[Your objective]
Pictures should be omitted from your copy. Everything else in the entries below must be restated word for word.

[Source records]
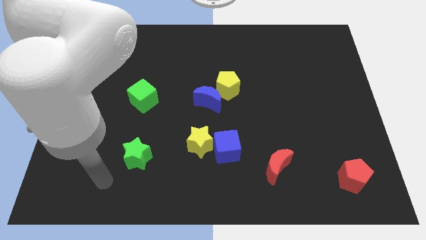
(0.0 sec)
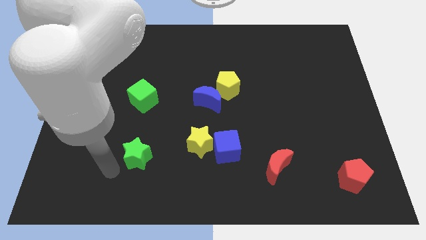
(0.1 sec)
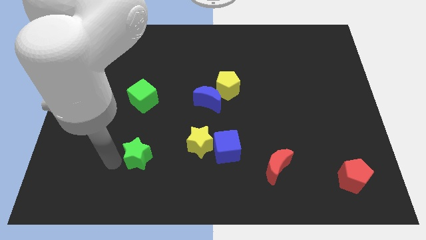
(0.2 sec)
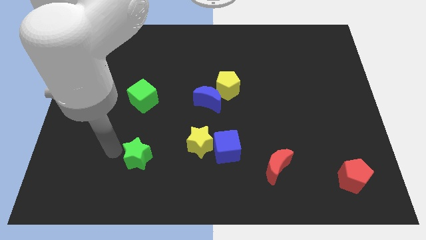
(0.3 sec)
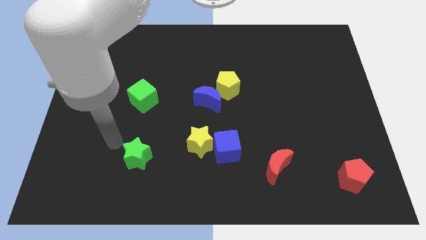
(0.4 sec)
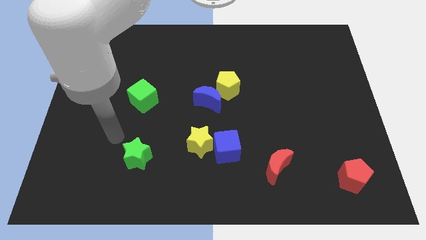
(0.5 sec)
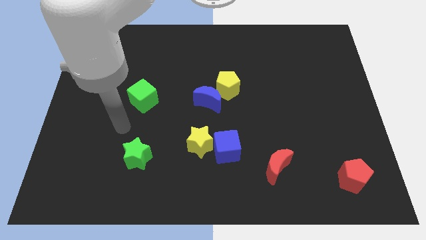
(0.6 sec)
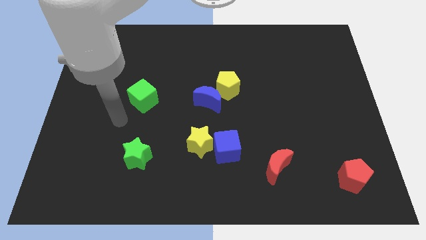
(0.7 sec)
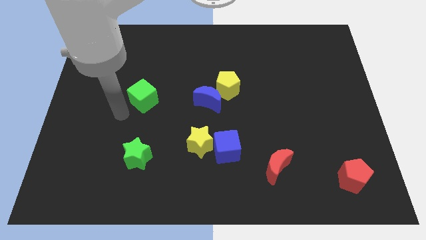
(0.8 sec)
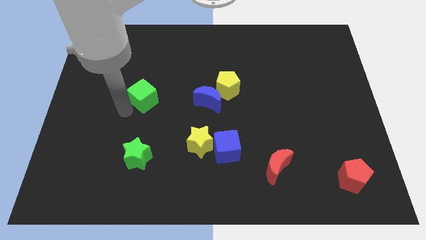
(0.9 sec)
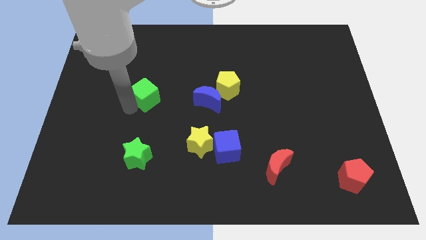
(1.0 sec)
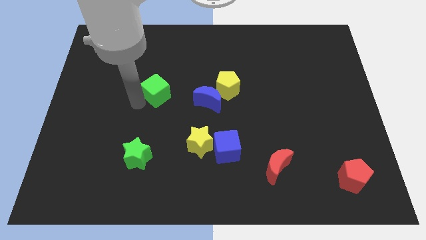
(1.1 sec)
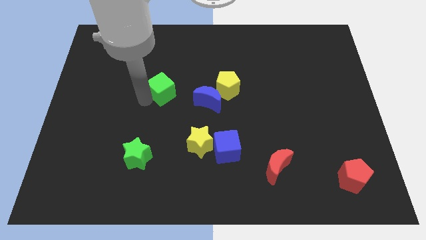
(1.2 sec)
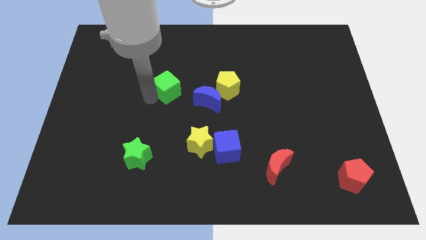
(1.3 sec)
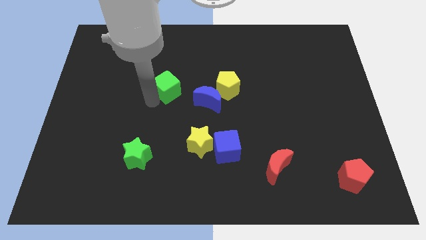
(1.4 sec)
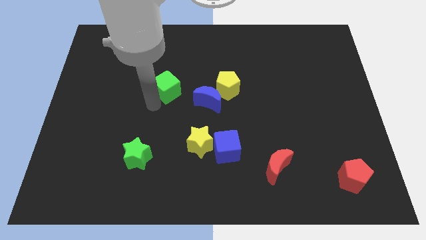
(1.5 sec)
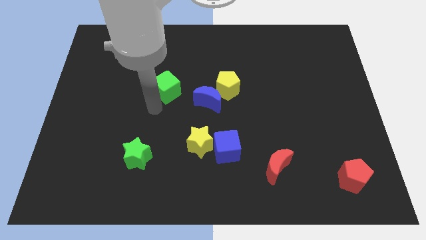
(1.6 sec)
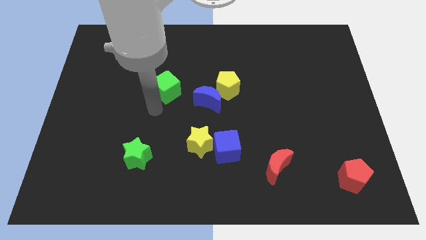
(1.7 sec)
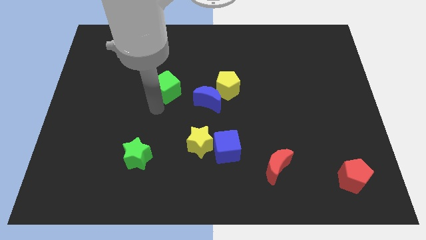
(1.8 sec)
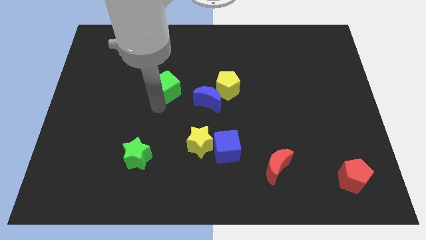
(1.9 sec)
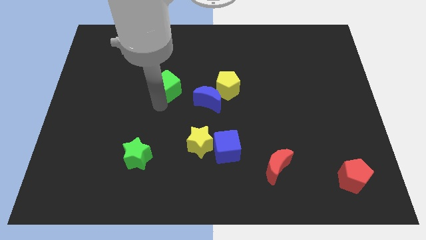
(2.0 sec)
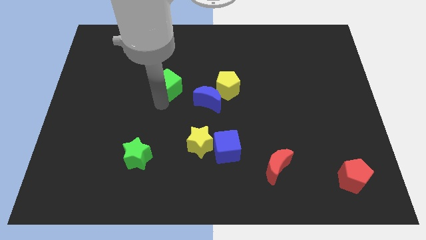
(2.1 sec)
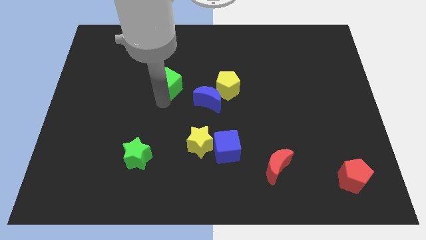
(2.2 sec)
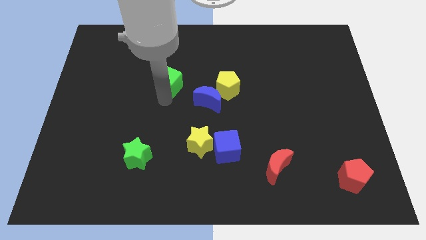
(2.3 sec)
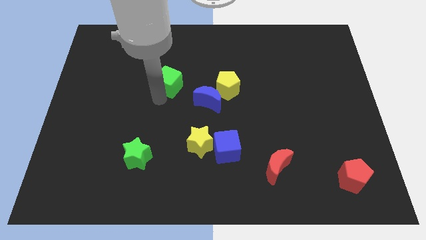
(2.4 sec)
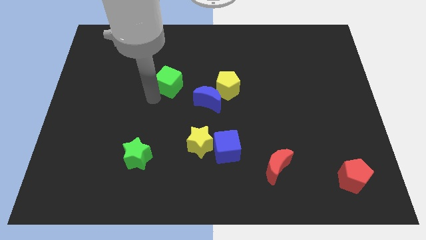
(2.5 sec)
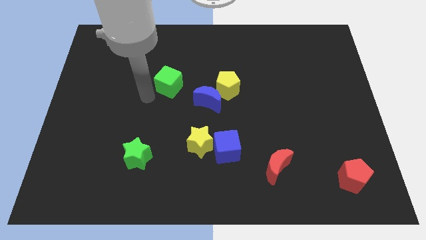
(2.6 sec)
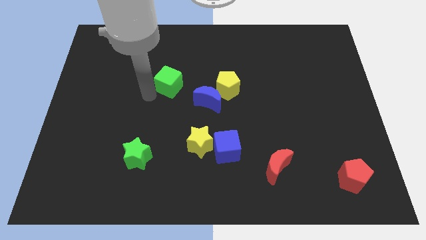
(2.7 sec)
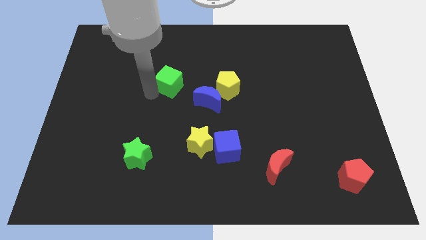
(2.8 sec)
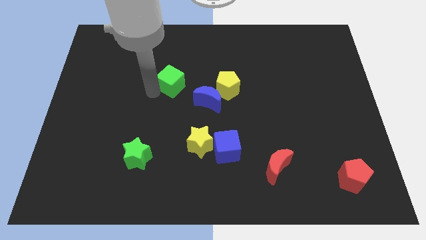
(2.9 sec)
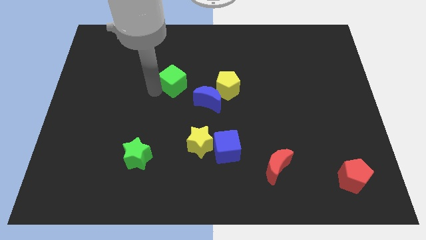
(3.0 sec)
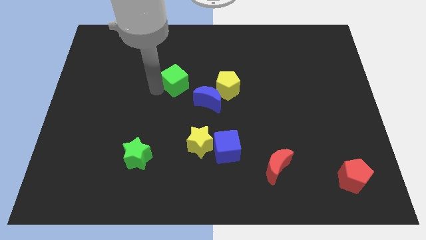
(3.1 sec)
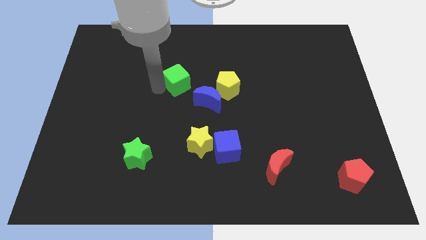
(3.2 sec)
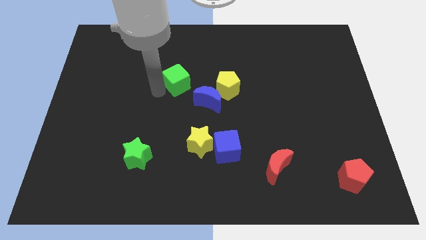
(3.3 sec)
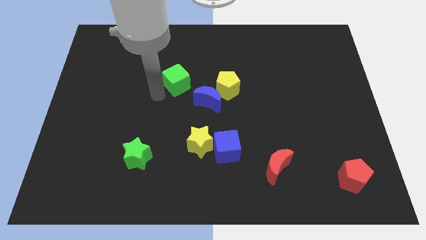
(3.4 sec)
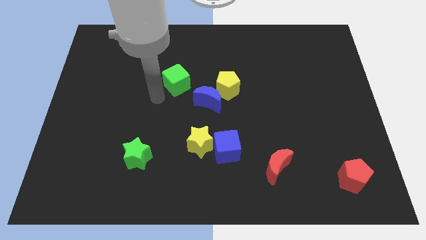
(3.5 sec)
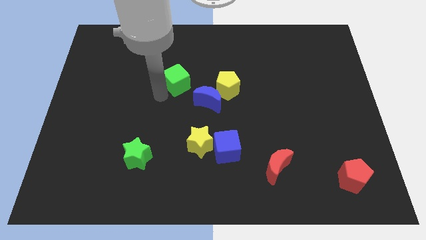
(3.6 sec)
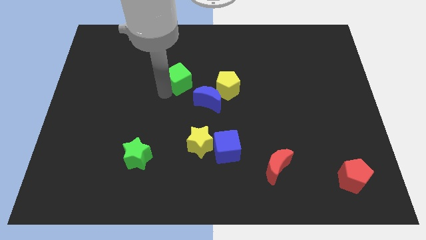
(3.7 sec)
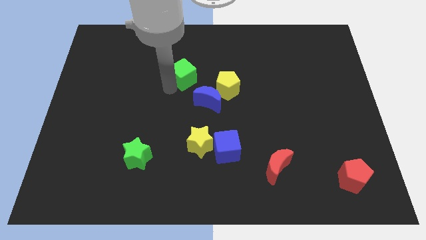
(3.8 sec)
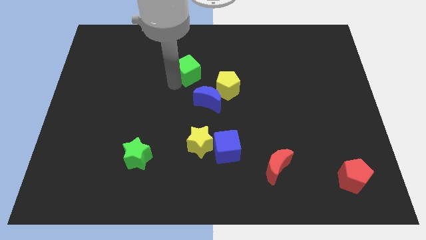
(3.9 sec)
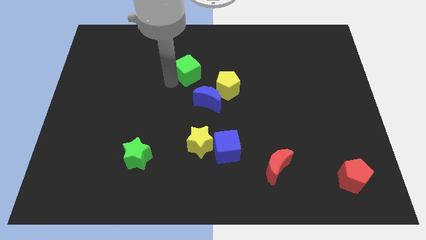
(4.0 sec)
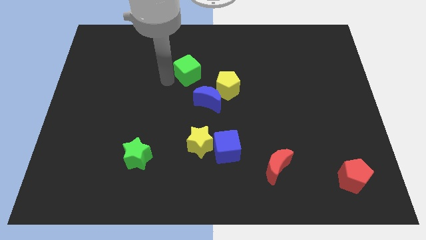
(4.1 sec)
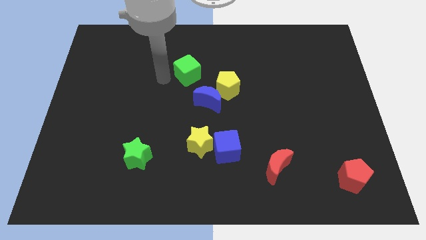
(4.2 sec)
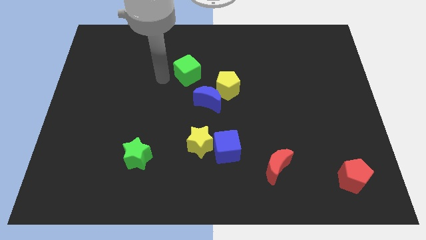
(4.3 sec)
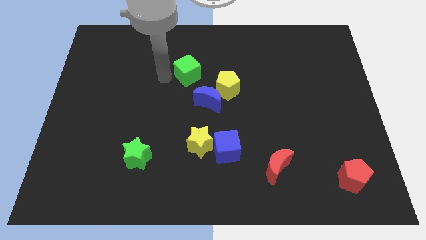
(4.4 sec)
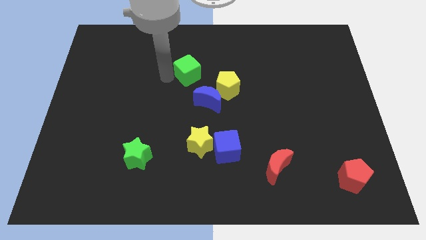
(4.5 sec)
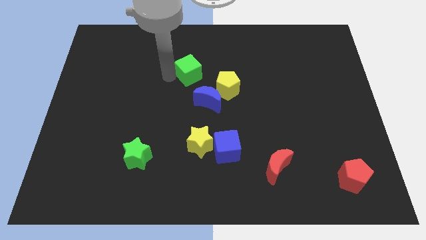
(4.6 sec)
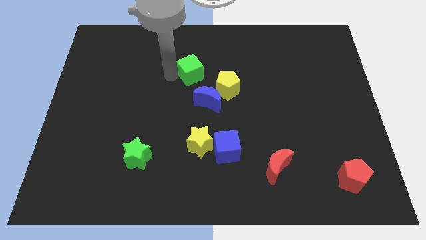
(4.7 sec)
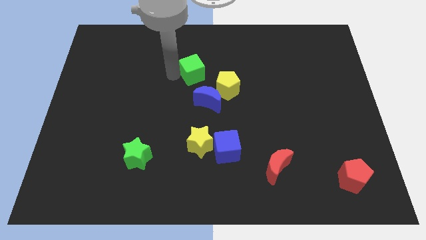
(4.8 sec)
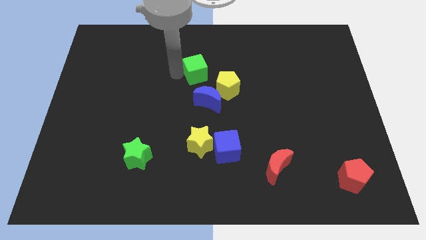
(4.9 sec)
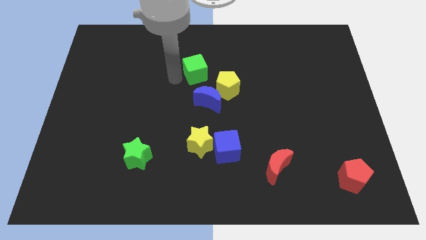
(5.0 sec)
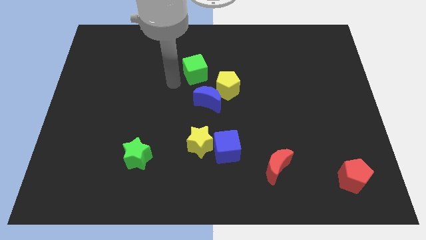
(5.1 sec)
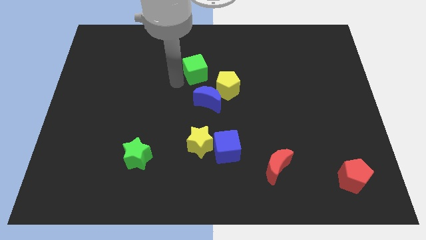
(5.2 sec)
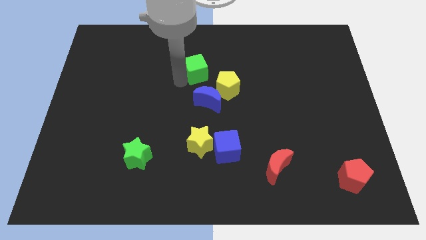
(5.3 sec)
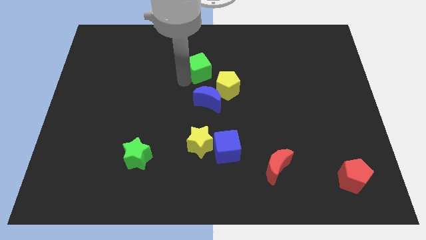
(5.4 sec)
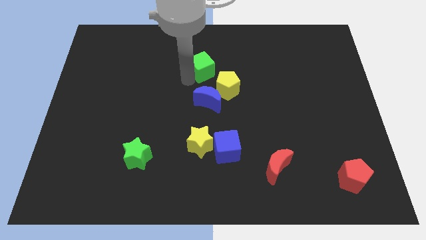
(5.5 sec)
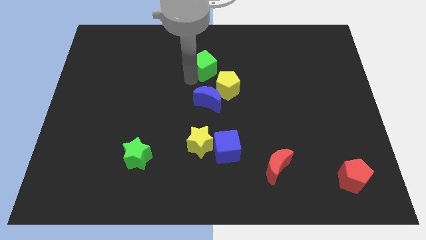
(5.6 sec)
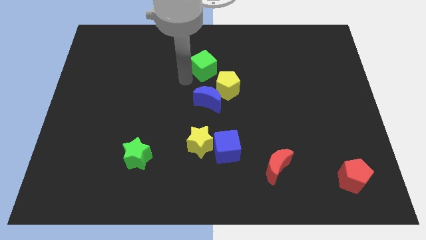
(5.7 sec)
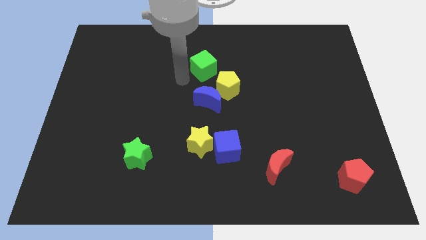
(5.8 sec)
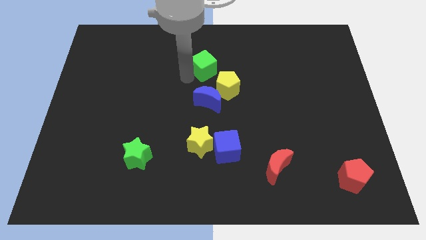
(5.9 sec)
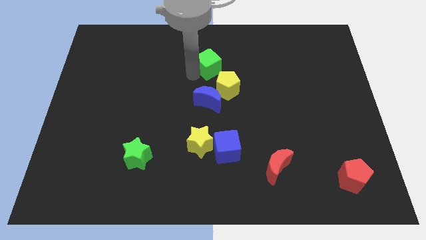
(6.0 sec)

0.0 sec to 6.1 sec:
slide the green cube above the yellow pentagon

[Solution to this exercise]
(0.0 sec)
(0.1 sec)
(0.2 sec)
(0.3 sec)
(0.4 sec)
(0.5 sec)
(0.6 sec)
(0.7 sec)
(0.8 sec)
(0.9 sec)
(1.0 sec)
(1.1 sec)
(1.2 sec)
(1.3 sec)
(1.4 sec)
(1.5 sec)
(1.6 sec)
(1.7 sec)
(1.8 sec)
(1.9 sec)
(2.0 sec)
(2.1 sec)
(2.2 sec)
(2.3 sec)
(2.4 sec)
(2.5 sec)
(2.6 sec)
(2.7 sec)
(2.8 sec)
(2.9 sec)
(3.0 sec)
(3.1 sec)
(3.2 sec)
(3.3 sec)
(3.4 sec)
(3.5 sec)
(3.6 sec)
(3.7 sec)
(3.8 sec)
(3.9 sec)
(4.0 sec)
(4.1 sec)
(4.2 sec)
(4.3 sec)
(4.4 sec)
(4.5 sec)
(4.6 sec)
(4.7 sec)
(4.8 sec)
(4.9 sec)
(5.0 sec)
(5.1 sec)
(5.2 sec)
(5.3 sec)
(5.4 sec)
(5.5 sec)
(5.6 sec)
(5.7 sec)
(5.8 sec)
(5.9 sec)
(6.0 sec)

0.0 sec to 6.1 sec:
slide the green cube above the yellow pentagon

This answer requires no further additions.